Assigned task:
Using the data that follows, say how many lines contain the word "bold", giving the number by itself.

Exercise material:
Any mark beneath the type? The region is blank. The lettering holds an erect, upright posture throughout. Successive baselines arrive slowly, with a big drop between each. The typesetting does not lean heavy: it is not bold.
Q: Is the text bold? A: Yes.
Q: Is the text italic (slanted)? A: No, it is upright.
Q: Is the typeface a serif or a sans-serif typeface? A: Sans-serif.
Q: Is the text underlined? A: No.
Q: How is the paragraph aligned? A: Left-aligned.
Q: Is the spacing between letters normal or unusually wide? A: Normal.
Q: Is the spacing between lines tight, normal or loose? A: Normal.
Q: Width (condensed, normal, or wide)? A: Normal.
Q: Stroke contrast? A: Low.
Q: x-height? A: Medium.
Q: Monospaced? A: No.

* * *

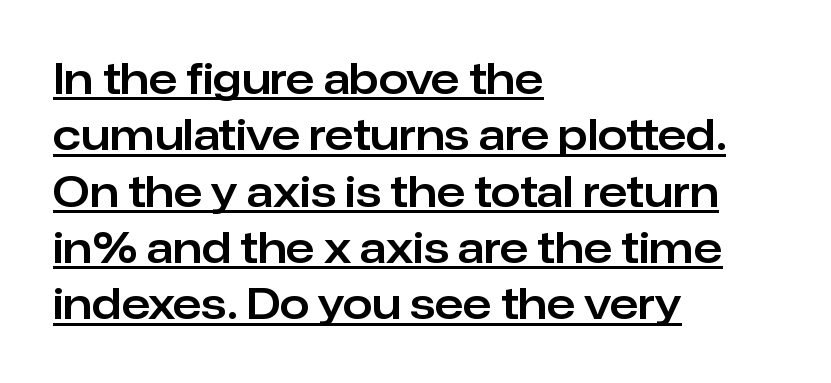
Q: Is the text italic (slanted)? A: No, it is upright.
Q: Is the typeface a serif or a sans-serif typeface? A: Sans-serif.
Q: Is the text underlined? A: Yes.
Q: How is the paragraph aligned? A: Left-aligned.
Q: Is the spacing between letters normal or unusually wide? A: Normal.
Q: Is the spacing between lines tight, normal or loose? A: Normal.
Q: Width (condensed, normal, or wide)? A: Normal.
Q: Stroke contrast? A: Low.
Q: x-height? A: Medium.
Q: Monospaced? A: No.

Exercise solution:
2